[Work instruction]
Everything in the entries below except the pictures must be returned exactly.

#####

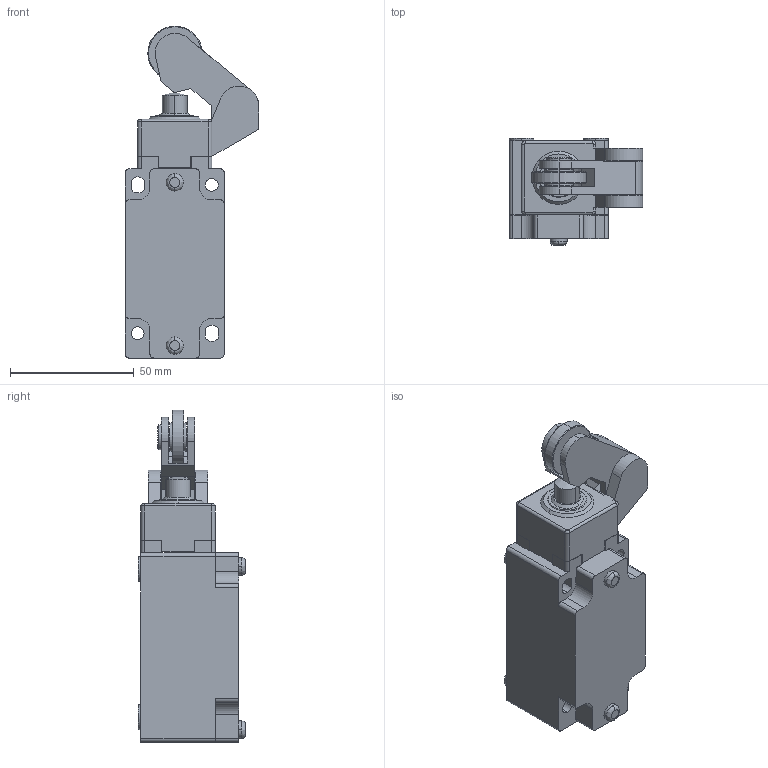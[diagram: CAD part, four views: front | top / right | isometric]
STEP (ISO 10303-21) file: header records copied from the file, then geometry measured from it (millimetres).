
FILE_DESCRIPTION (( 'STEP AP214' ), '1' );
FILE_NAME ('ABM1E32Z11.step', '2017-12-19T21:00:56', ( '' ), ( '' ), 'SwSTEP 2.0', 'SolidWorks 2017', '' );
FILE_SCHEMA (( 'AUTOMOTIVE_DESIGN' ));
Length unit declared in the file: inch
Products named in the file (1): ABM1E32Z11
Bounding box: 54 x 43.3 x 134.3 mm (x, y, z)
Volume: 140591 mm3; surface area: 32730.8 mm2
Topology: 4 solids, 4 shells, 221 faces, 577 edges, 376 vertices
Faces by surface type: plane 108, cylinder 90, cone 14, bspline 5, torus 4
Entity records: 8529 total; most frequent: CARTESIAN_POINT 1262, DIRECTION 1225, ORIENTED_EDGE 1154, EDGE_CURVE 577, AXIS2_PLACEMENT_3D 435, VERTEX_POINT 376, LINE 355, VECTOR 355

#####

[Exercise solution]
[diagram: CAD part, four views: front | top / right | isometric]
STEP (ISO 10303-21) file: header records copied from the file, then geometry measured from it (millimetres).
FILE_DESCRIPTION (( 'STEP AP214' ), '1' );
FILE_NAME ('ABM1E32Z11.step', '2017-12-19T21:00:56', ( '' ), ( '' ), 'SwSTEP 2.0', 'SolidWorks 2017', '' );
FILE_SCHEMA (( 'AUTOMOTIVE_DESIGN' ));
Length unit declared in the file: inch
Products named in the file (1): ABM1E32Z11
Bounding box: 54 x 43.3 x 134.3 mm (x, y, z)
Volume: 140591 mm3; surface area: 32730.8 mm2
Topology: 4 solids, 4 shells, 221 faces, 577 edges, 376 vertices
Faces by surface type: plane 108, cylinder 90, cone 14, bspline 5, torus 4
Entity records: 8529 total; most frequent: CARTESIAN_POINT 1262, DIRECTION 1225, ORIENTED_EDGE 1154, EDGE_CURVE 577, AXIS2_PLACEMENT_3D 435, VERTEX_POINT 376, LINE 355, VECTOR 355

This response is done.